The incident caused a partial outage in one of our data centers, affecting the availability of several customer websites, including Thernos, Akisp, and Kontore. Approximately half of our hosted sites were down, leading to customer inquiries and potential business disruptions. The affected websites experienced degraded performance and were unreachable for a period of time, causing inconvenience to users and potentially impacting business operations for the affected customers.

## Root Cause Analysis

The root cause of the incident was identified as an issue with our data center provider. The provider experienced an outage in one of their data centers, which led to the unavailability of several hosted websites. The provider worked on resolving the issue by restarting the affected regions, which eventually restored the services.

## Action Items

1. **Monitoring Provider Status**: Francesca Sala will continue to monitor the cloud provider's status page for updates during incidents.
2. **Customer Communication**: Gregory George will draft and update the status page to keep customers informed during incidents.
3. **Incident Documentation**: Francesca Sala will create and share a post-mortem document after the incident is resolved.
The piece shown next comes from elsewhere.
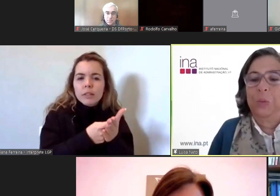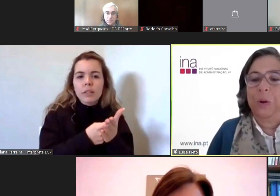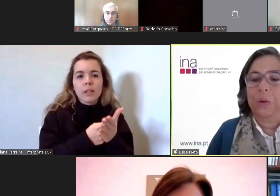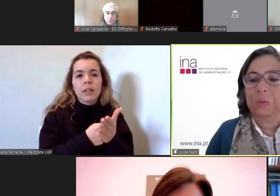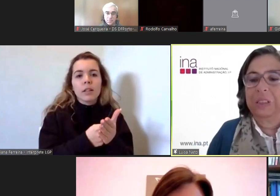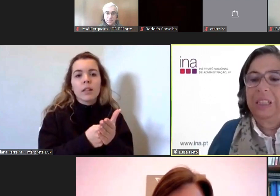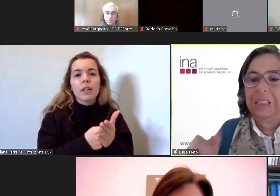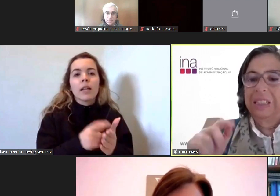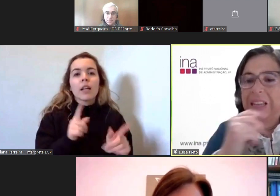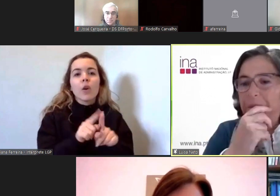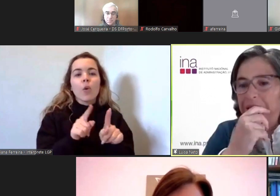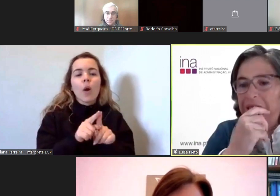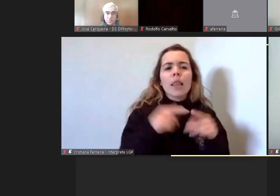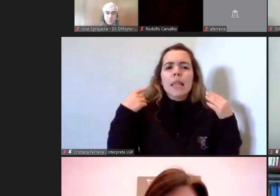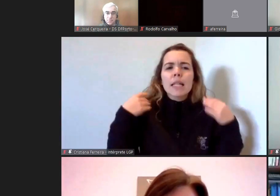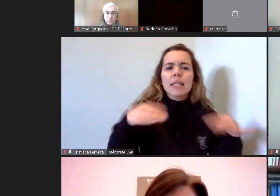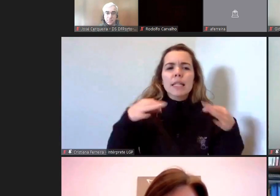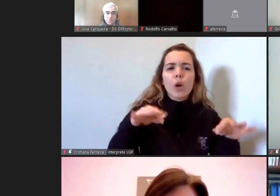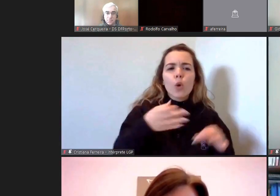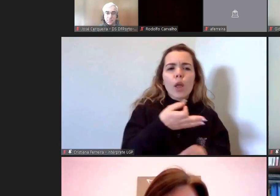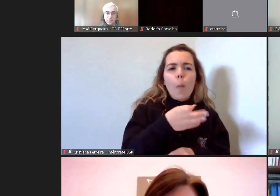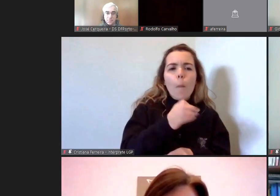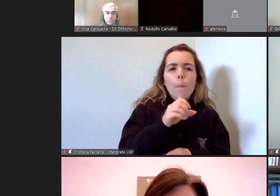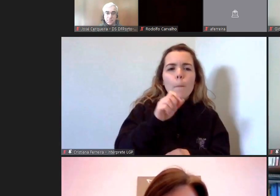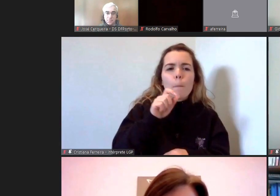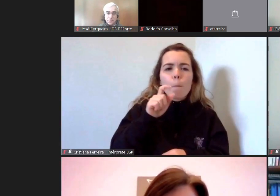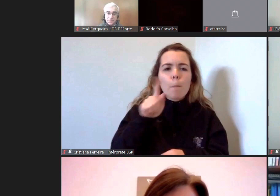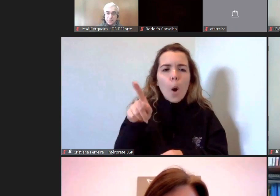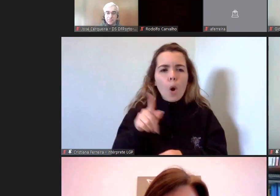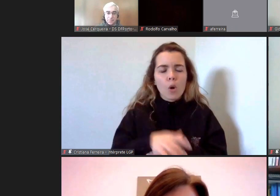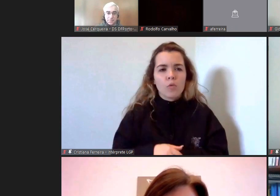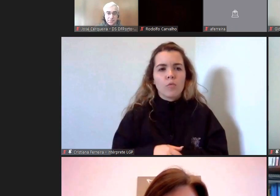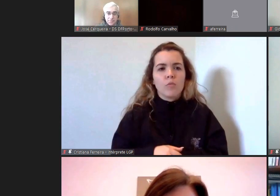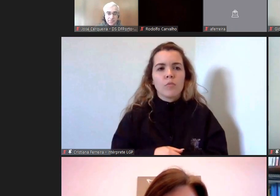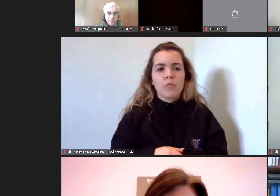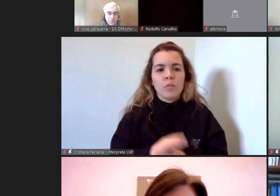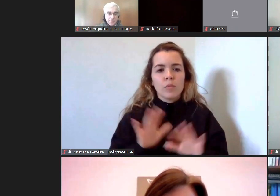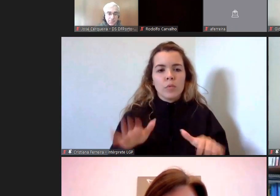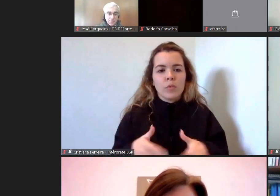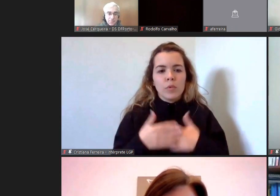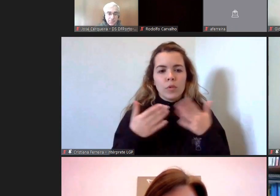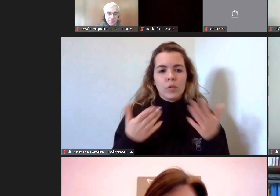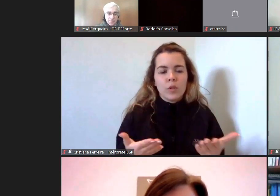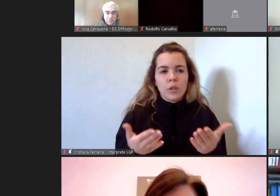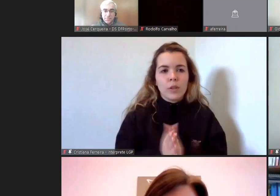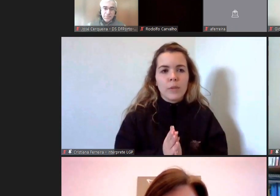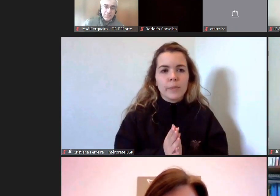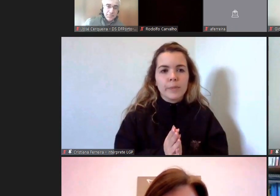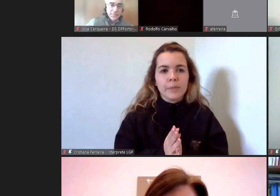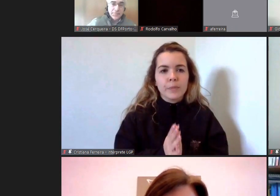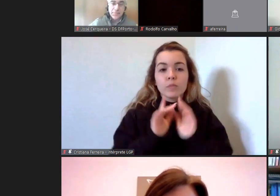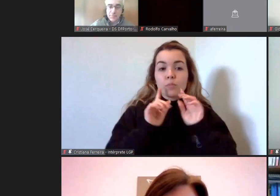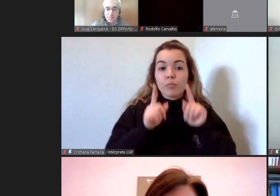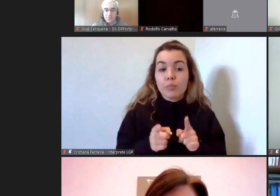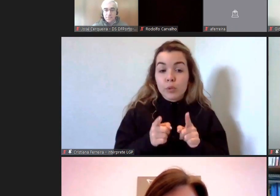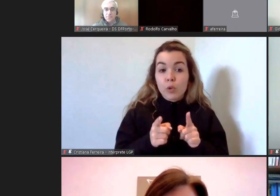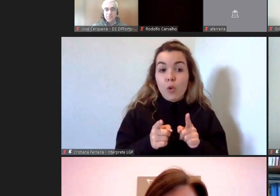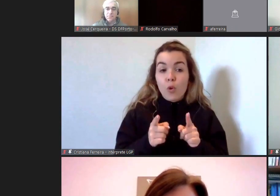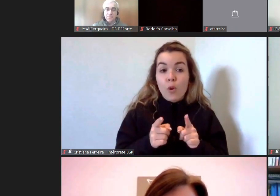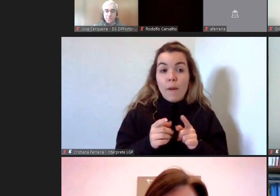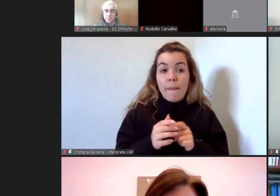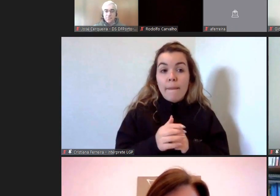sacudir o pó eu começaria se calhar pela questão para a doutora Bélfils José Cerqueira eu iria fazer

This post-mortem document provides a detailed account of the incident, its impact, root cause, and the actions taken to prevent recurrence.

Use ilert or download a postmortem template and fill in manually

Based on this example, we prepared a Google Docs template that you can use if you are not yet utilizing the ilert incident management platform. While assembling and writing all the information manually will be more time-consuming, it is still the first step to better arranging post-incident learnings and preparing for the next challenges.

Download a postmortem template.

A few words on blameless postmortems and blameless culture

A blameless postmortem focuses on collective learning and improvement rather than assigning fault to individuals. This approach fosters a supportive work environment and encourages team members to be honest and open during the postmortem process. Instead of pointing fingers, the focus is on understanding what happened and how to prevent it in the future.

Asking "what" and "how" questions instead of "who" during postmortem meetings helps analyze incidents without attributing blame. This promotes a growth mindset and fosters a culture of continuous improvement. A "no argument" policy during discussions ensures the focus remains on process improvement rather than assigning blame.

Utilizing data-driven insights, ilert AI provides unbiased evaluations of incidents, eliminating personal biases in reporting. This also helps create a blameless culture where the ultimate goal is to learn from incidents and improve future responses rather than playing the blame game.

Common pitfalls to avoid in postmortem document creation

To maximize the value of your postmortems, avoid these key pitfalls—ranked by their impact on long-term learning and operational resilience:

Not analyzing patterns across incidents

  • Treating each incident in isolation can hide recurring issues.
  • Regularly review multiple postmortems to detect patterns, systemic weaknesses, or process gaps.
  • Use this insight to inform broader improvements and prevent similar incidents in the future.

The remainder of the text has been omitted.